You think I was recently working on my backup strategy?  I was just working
on those persistent ANAL/DISK problems.

But I probably do need to work on my backup strategy.  I have been yanking
out a disk without quiescing and backing up the yanked disk, and I have not done any deliberate recovery testing, just defacto when I had to recover a file or compress a disk.  Just yanking a disk is easy, I just have to run command procedures, but as you point out, it might not have optimal reliability.

What's the easiest way to quiesce and yank? The only way I am sure of is to shutdown, boot with a CD, yank, then reboot normally.  I am not sure that
there is a console command that will yank a disk from a shadowset, but I
seem to recall one that will disable shadowing.

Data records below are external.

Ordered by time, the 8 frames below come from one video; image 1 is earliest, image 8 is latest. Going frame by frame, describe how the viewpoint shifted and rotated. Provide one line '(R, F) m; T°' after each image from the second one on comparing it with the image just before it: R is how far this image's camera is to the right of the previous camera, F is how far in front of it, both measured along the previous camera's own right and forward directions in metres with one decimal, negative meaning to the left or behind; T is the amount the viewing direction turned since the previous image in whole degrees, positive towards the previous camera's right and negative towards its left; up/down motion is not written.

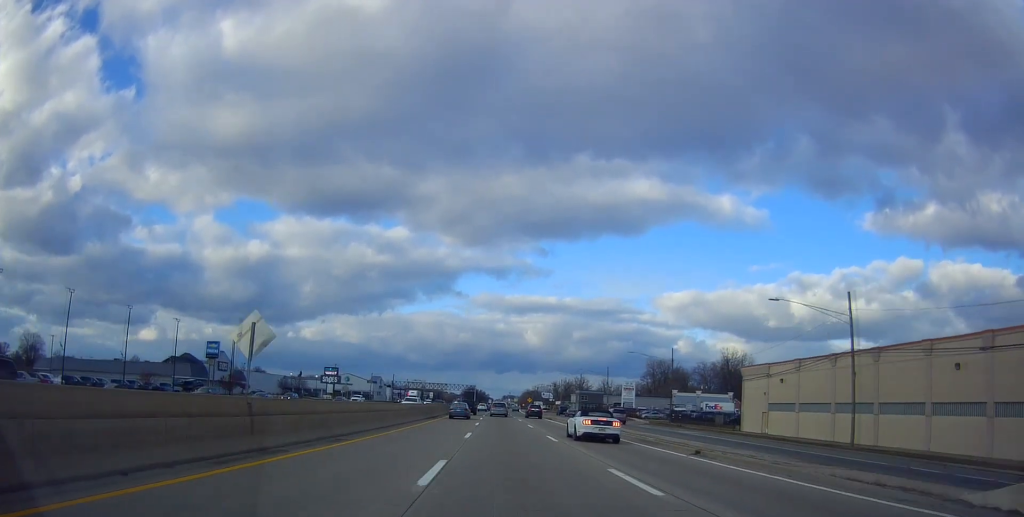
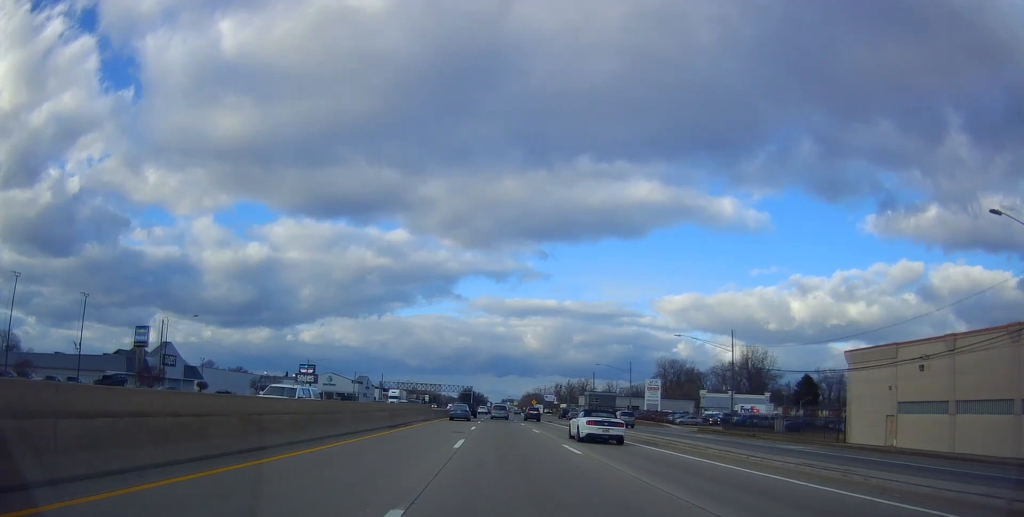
(+0.1, +21.7) m; -1°
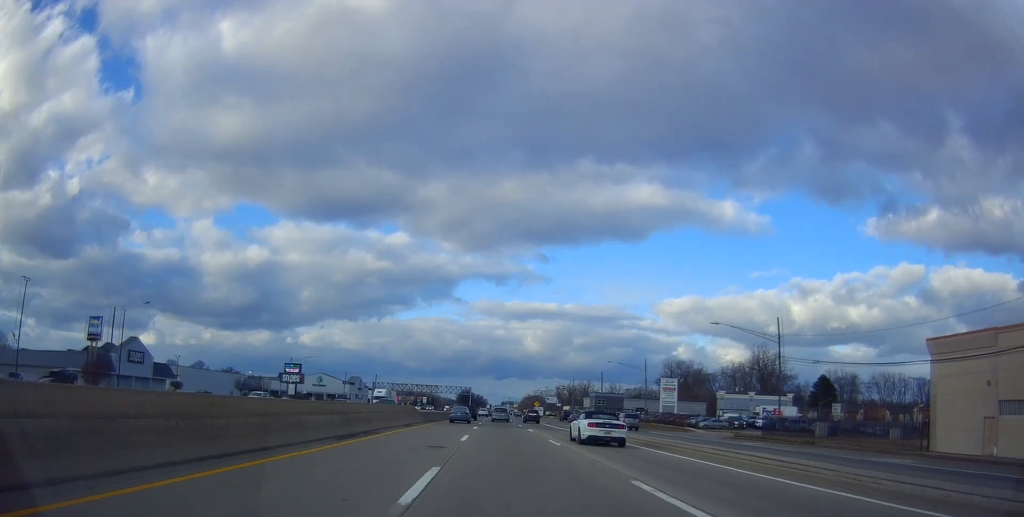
(-0.4, +10.7) m; 0°
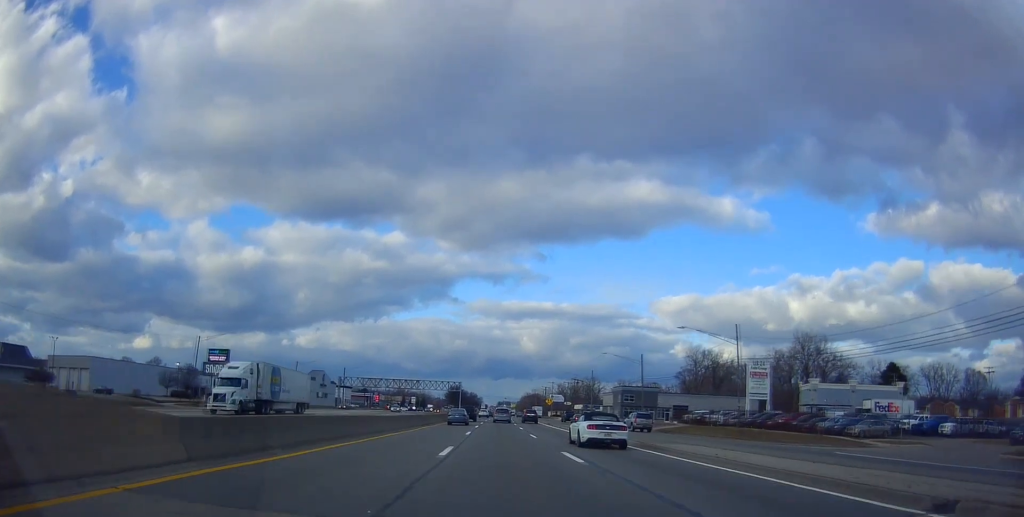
(+0.3, +37.5) m; 0°
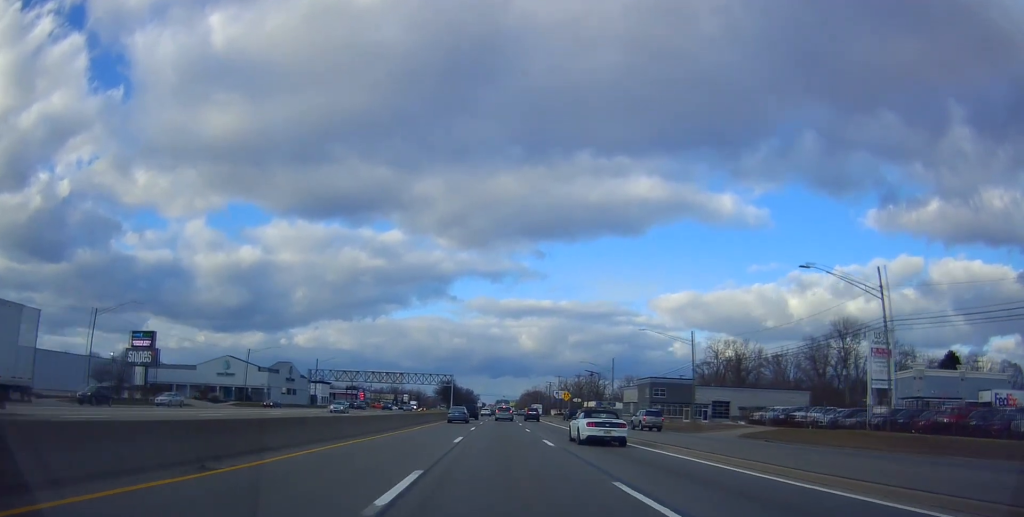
(-0.2, +24.3) m; +1°
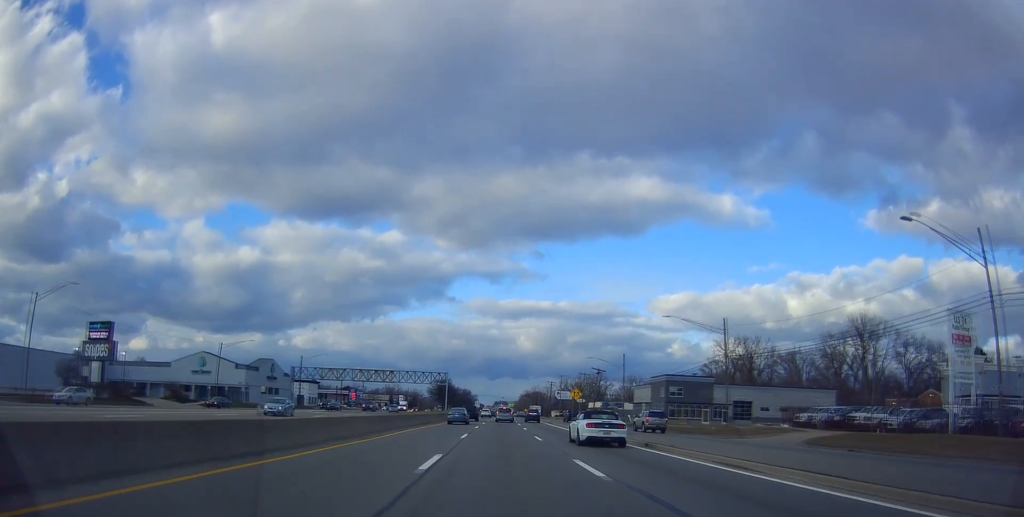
(+0.2, +10.3) m; +1°
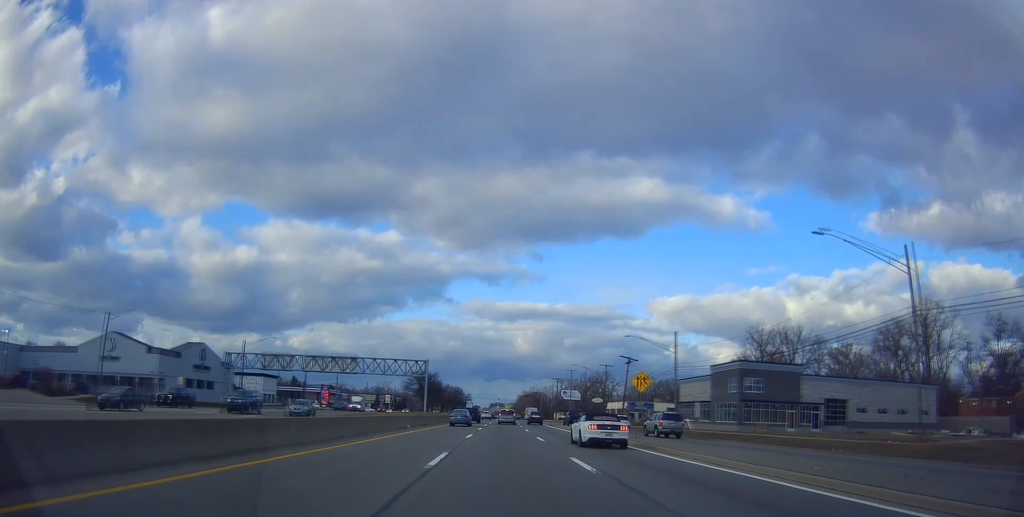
(+0.1, +29.0) m; 0°
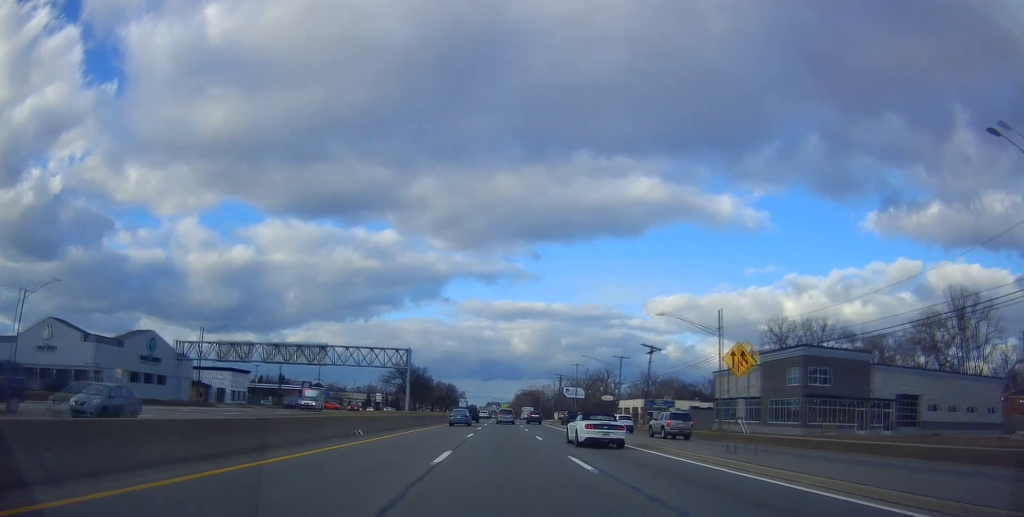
(0.0, +14.4) m; 0°

I have noticed that sometimes a yanked disk will not run ANAL/DISK clean. This also seems to be transient.

> 
> That's a much smaller window of downtime.   Test the recovery process 
> 
> periodically.
> 
> 
> 
> > The other 4 systems run ANAL/DISK clean, if they have transient 
> 
> > warnings at all then it must be at a much lower rate.
> 
> 
> 
> I'd look to replace all of the disks in this configuration, just 
> 
> because most of them are probably as old as those boxes.  As good as 
> 
> the old DEC SCSI disks were, statistically, they're failure fodder 
> 
> given their likely relative ages.
> 
> 
> 
> > All 5 systems are V7.3-2.
> 
> 
> 
> Ancient.

Me have no wampum for support for many moons, paleface.

> 
> 
> 
> > The one with the transients is a DS10  466mhz.
> 
> 
> 
> Shut it down, boot from CD or a backup disk, and try again.  Quiesce 
> 
> the environment, in other words.
> 
> 
> 
> > The others are DS10s 466 or 600 and one is an AS800.
> 
> 
> 
> The arsenal of the ancient, eh?  One rx2660 would likely easily replace 
> 
> this whole configuration.

Heck, one DS10 600 could probably replace the whole thing.

There was this idea that running on 4 systems made a total failure less likely, so we spread it out over 4 systems plus a development system that could act also as a quickly configurable spare.  But this was kind of pointless.  Someone once brought almost all of it down by yanking on one thin wire which was THE thinwire. Now we have thickwire with one switch that revolutionized bringing down the system - it can be done remotely without yanking a cable.  Or by one dead UPS battery or by unplugging the switch.  All or most of these have happened.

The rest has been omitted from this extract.